Sound enamel. (A) gray-scale three-dimensional (3D) OCT image; (B) cross-sectional OCT image along the red line in (A) and (D) with intact enamel with bright band across the fissure base extending over the cusps (arrow), suggesting a developmental feature (not acquired caries); (C) photographic presentation of occlusal enamel with seemingly intact fissure (arrow); (D) OCT en face intensity projection; (E) radiograph; (F) cross-sectional photograph with no dye at the observed fissure (arrow) confirming sound surface (score 0).
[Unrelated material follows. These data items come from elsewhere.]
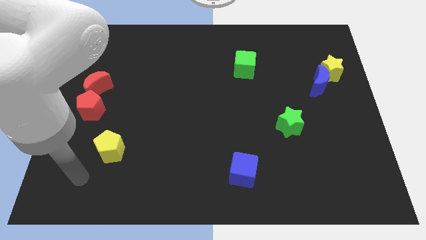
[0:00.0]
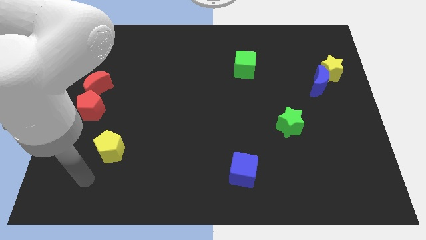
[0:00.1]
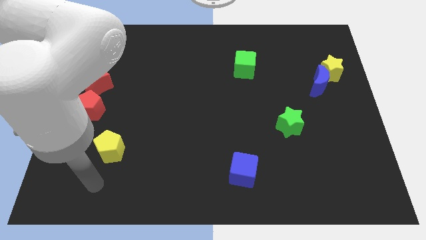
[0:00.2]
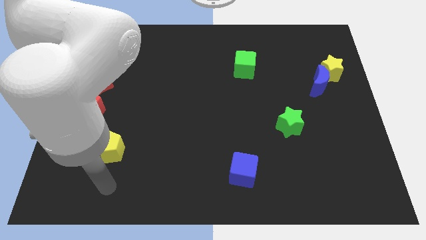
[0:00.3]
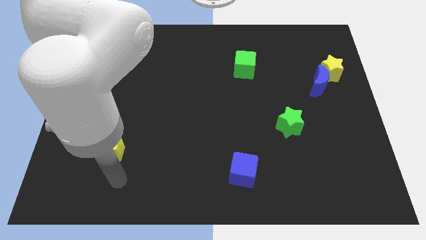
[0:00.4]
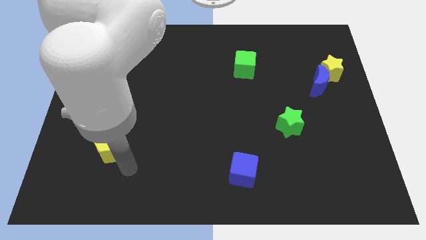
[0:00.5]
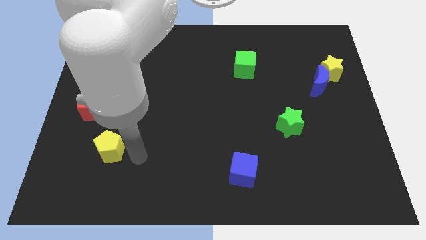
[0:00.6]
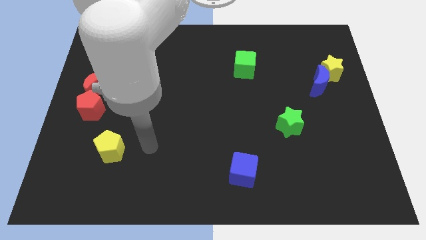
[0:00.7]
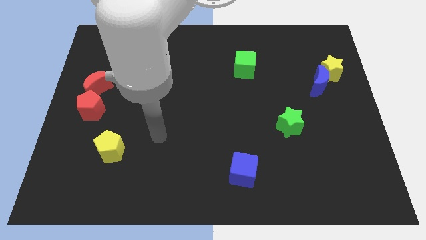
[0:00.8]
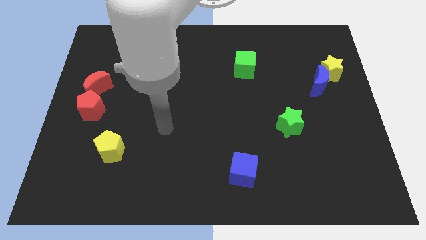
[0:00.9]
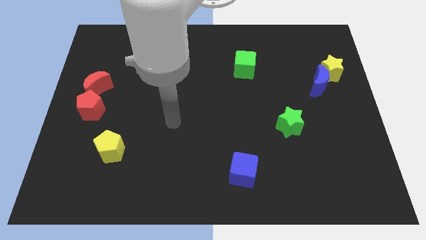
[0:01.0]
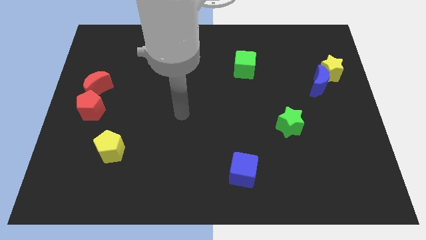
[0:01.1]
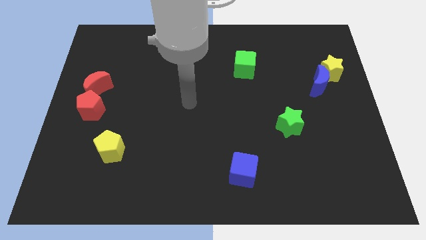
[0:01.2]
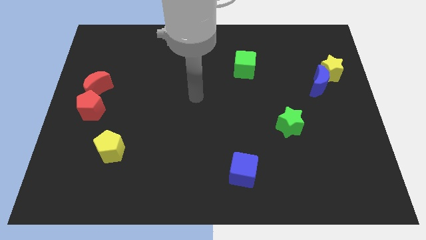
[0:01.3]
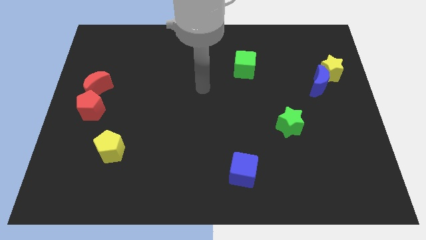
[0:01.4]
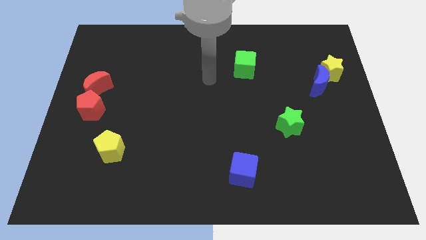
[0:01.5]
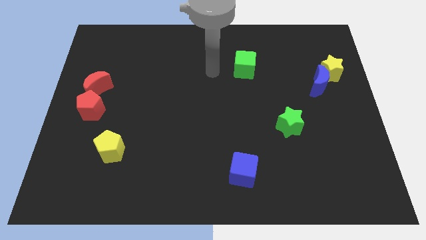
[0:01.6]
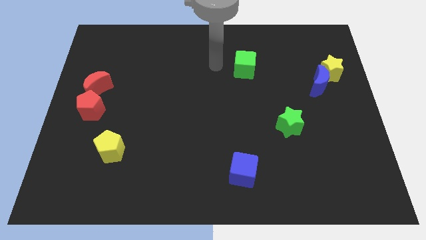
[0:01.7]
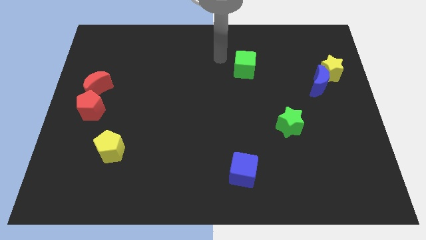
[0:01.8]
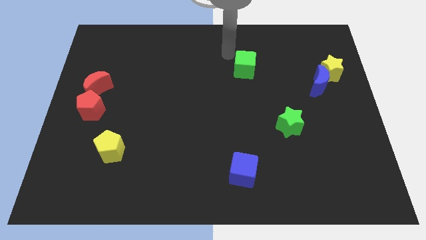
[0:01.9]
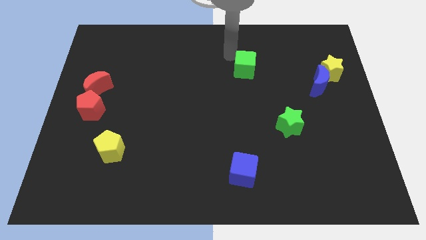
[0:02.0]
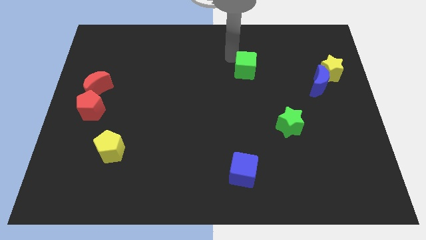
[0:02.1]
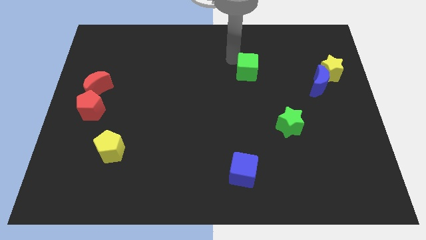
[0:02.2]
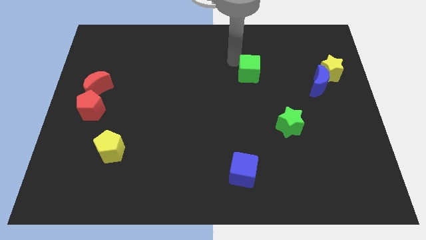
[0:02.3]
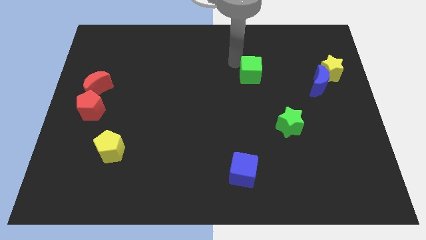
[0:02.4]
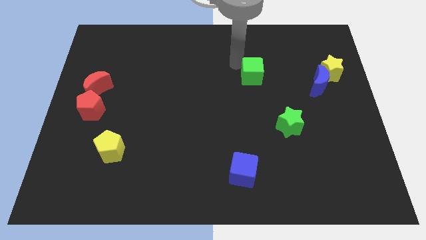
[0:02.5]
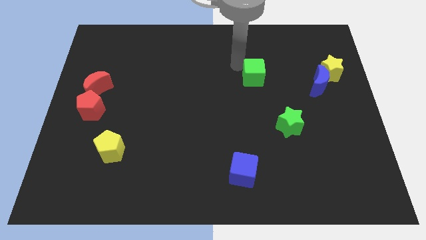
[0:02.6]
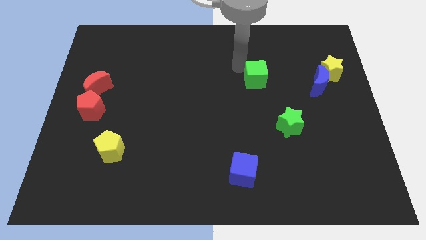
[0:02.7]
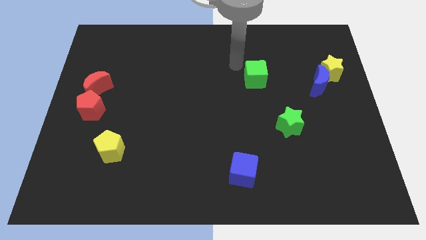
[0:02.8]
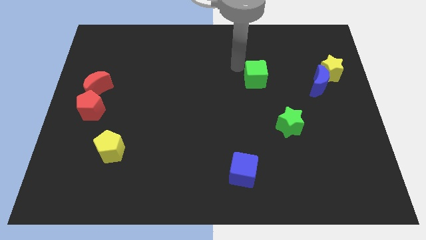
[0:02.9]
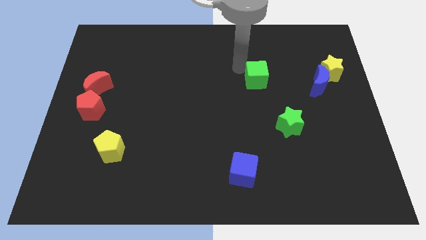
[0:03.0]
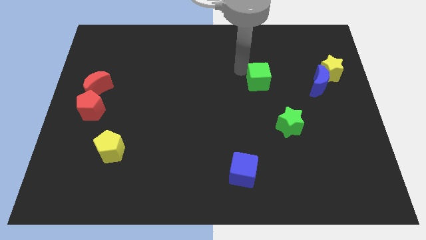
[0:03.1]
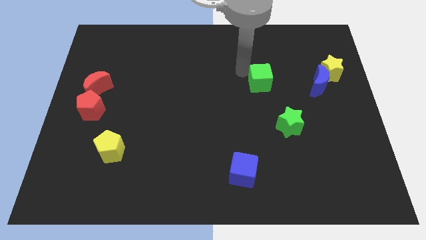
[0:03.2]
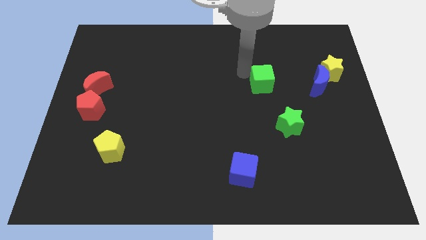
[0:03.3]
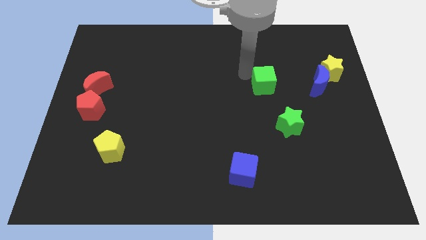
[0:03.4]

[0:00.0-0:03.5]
move the green cube diagonally down and right a little

The dynamic slicing 3D video is presented in Supplementary Materials: Video 1.

Figure 3

Enamel caries: (A) 3D OCT image; (B) cross-sectional OCT image along the red line in (A). Arrow shows a wedge-shaped area with increased scattering approximately half the thickness of the enamel, indicating demineralization with no surface breakdown; (C) photographic presentation of occlusal enamel with stained fissure (arrow); (D) OCT en face intensity projection; (E) radiograph showed no visible lesion; (F) cross-section view with shallow enamel dye penetration confirming demineralization without surface breakdown (score 1). The dynamic slicing 3D video is presented in Supplementary Materials: Video 2.

Figure 4

Enamel breakdown: (A) gray-scale three-dimensional (3D) OCT image; (B) cross-sectional OCT image along the red line in (A) and (D). Arrow shows cavitated caries; (C) visual score 2 of enamel cavitation; (D) OCT en face intensity projection; (E) enamel lesion was not distinguished on radiograph due to the superimposition of buccal and lingual cusps; (F) cross-section view with penetration of pink dye enclosed at enamel (score 2). Supplementary Materials: Video 3.

Figure 5

Hidden dentin caries; (A) 3D OCT image; (B) cross-sectional OCT along the red line in (A) and (D). Bold arrows show cavitated caries with discontinued enamel surface and scattering beyond dentino-enamel junction (DEJ) (triangle). Blank arrow suggests strong scattering from enamel into dentin (score 3); (C) photographic presentation of occlusal enamel; (D) OCT en face intensity projection; (E) dashed circle shows suspected radiolucency beyond DEJ on the radiograph; (F) cross-section view with penetration of red dye beyond DEJ, confirming the presence of caries infected dentin (score 3). The dynamic slicing 3D video is presented in Supplementary Materials: Video 5.

Figure 6

Dentin caries: (A) gray-scale three-dimensional (3D) OCT image; (B) cross-sectional OCT image of the lesion along the red line in (A) and (D). A separation of DEJ (triangle) was observed at the bottom at the lesion (arrow) indicating the lateral invasion of bacteria; (C) visual score 3 with visible dentin; (D) OCT en face intensity projection; (E) radiolucent lesion at DEJ; (F) cross-section view with penetration of dark red dye one-third of dentin thickness. The dynamic slicing 3D video is presented in Supplementary Materials: Video 4.

Figure 7

The average Az value of ROC with 13 lines represented by the Az value from thirteen examiners. There was a difference between OCT and radiography in the accuracy of detection in occlusal caries in three cutoff points (p < 0.05).